ASSIGNED TASK: Range to output from the entries below: the line containing "ద్ధామత సంగ్రహించి విబుధప్రకరంబున కిచ్చె నరిమై" through the line containing "శ్లో| 'ధర్మ మరిర్భవతునః సతతోద్ధితానాం". Set it down exactly, ends included, nothing else.

◆ ◆ ◆ ◆ ◆ ◆ ◆

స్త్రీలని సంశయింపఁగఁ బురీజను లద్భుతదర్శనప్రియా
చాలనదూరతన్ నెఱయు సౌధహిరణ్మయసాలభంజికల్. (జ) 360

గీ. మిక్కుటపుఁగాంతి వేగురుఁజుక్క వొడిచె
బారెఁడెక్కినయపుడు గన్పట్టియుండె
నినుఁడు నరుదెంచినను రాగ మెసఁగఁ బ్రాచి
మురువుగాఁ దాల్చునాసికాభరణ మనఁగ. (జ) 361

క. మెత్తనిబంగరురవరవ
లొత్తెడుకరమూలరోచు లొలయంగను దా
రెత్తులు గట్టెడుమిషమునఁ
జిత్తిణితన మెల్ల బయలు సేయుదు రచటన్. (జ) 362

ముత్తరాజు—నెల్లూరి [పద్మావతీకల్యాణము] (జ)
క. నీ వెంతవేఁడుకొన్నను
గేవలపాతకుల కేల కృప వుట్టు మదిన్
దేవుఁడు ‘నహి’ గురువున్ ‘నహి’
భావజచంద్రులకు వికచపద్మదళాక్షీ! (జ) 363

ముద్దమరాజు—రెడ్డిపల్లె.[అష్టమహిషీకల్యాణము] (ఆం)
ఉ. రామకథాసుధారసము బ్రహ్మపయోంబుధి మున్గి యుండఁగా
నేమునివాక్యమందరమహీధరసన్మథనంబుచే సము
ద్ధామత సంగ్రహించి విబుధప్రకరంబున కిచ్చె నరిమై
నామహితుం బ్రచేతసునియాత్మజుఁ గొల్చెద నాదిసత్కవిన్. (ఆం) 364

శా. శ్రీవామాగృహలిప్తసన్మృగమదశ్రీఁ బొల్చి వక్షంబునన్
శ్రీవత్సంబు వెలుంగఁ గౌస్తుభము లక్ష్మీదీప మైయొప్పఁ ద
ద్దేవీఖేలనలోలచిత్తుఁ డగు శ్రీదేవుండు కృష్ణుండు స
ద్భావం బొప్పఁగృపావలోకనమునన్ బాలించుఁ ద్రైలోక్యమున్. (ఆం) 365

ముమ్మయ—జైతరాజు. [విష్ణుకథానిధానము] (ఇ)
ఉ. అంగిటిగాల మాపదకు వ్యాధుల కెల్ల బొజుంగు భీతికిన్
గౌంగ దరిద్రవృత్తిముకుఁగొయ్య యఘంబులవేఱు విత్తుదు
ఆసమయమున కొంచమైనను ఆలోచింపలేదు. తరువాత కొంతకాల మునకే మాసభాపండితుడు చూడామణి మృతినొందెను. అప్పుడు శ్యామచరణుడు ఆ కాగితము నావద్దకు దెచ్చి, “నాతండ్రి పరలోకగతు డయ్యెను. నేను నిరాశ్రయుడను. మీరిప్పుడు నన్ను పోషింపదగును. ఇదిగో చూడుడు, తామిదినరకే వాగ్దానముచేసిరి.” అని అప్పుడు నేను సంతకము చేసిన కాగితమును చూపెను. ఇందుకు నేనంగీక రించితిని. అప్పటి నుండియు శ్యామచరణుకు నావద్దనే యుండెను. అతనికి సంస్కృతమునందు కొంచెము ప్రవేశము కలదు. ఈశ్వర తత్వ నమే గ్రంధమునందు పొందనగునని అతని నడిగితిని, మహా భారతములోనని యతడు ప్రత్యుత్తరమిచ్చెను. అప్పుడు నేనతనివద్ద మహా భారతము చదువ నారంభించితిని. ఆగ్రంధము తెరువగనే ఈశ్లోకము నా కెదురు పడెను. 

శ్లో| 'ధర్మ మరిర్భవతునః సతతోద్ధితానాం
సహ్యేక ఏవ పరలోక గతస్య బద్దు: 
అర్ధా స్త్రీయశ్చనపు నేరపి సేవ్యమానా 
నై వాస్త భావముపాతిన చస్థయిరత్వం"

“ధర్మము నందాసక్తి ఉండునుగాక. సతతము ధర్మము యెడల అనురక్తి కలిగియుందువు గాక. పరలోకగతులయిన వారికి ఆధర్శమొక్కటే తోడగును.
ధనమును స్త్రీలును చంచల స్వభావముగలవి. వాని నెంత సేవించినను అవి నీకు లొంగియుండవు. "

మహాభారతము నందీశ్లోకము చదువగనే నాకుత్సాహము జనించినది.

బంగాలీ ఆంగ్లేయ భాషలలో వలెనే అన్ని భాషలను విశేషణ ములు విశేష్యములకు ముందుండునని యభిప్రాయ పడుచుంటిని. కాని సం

◆ ◆ ◆ ◆ ◆ ◆ ◆

WRITTEN REPLY:
ద్ధామత సంగ్రహించి విబుధప్రకరంబున కిచ్చె నరిమై
నామహితుం బ్రచేతసునియాత్మజుఁ గొల్చెద నాదిసత్కవిన్. (ఆం) 364

శా. శ్రీవామాగృహలిప్తసన్మృగమదశ్రీఁ బొల్చి వక్షంబునన్
శ్రీవత్సంబు వెలుంగఁ గౌస్తుభము లక్ష్మీదీప మైయొప్పఁ ద
ద్దేవీఖేలనలోలచిత్తుఁ డగు శ్రీదేవుండు కృష్ణుండు స
ద్భావం బొప్పఁగృపావలోకనమునన్ బాలించుఁ ద్రైలోక్యమున్. (ఆం) 365

ముమ్మయ—జైతరాజు. [విష్ణుకథానిధానము] (ఇ)
ఉ. అంగిటిగాల మాపదకు వ్యాధుల కెల్ల బొజుంగు భీతికిన్
గౌంగ దరిద్రవృత్తిముకుఁగొయ్య యఘంబులవేఱు విత్తుదు
ఆసమయమున కొంచమైనను ఆలోచింపలేదు. తరువాత కొంతకాల మునకే మాసభాపండితుడు చూడామణి మృతినొందెను. అప్పుడు శ్యామచరణుడు ఆ కాగితము నావద్దకు దెచ్చి, “నాతండ్రి పరలోకగతు డయ్యెను. నేను నిరాశ్రయుడను. మీరిప్పుడు నన్ను పోషింపదగును. ఇదిగో చూడుడు, తామిదినరకే వాగ్దానముచేసిరి.” అని అప్పుడు నేను సంతకము చేసిన కాగితమును చూపెను. ఇందుకు నేనంగీక రించితిని. అప్పటి నుండియు శ్యామచరణుకు నావద్దనే యుండెను. అతనికి సంస్కృతమునందు కొంచెము ప్రవేశము కలదు. ఈశ్వర తత్వ నమే గ్రంధమునందు పొందనగునని అతని నడిగితిని, మహా భారతములోనని యతడు ప్రత్యుత్తరమిచ్చెను. అప్పుడు నేనతనివద్ద మహా భారతము చదువ నారంభించితిని. ఆగ్రంధము తెరువగనే ఈశ్లోకము నా కెదురు పడెను. 

శ్లో| 'ధర్మ మరిర్భవతునః సతతోద్ధితానాం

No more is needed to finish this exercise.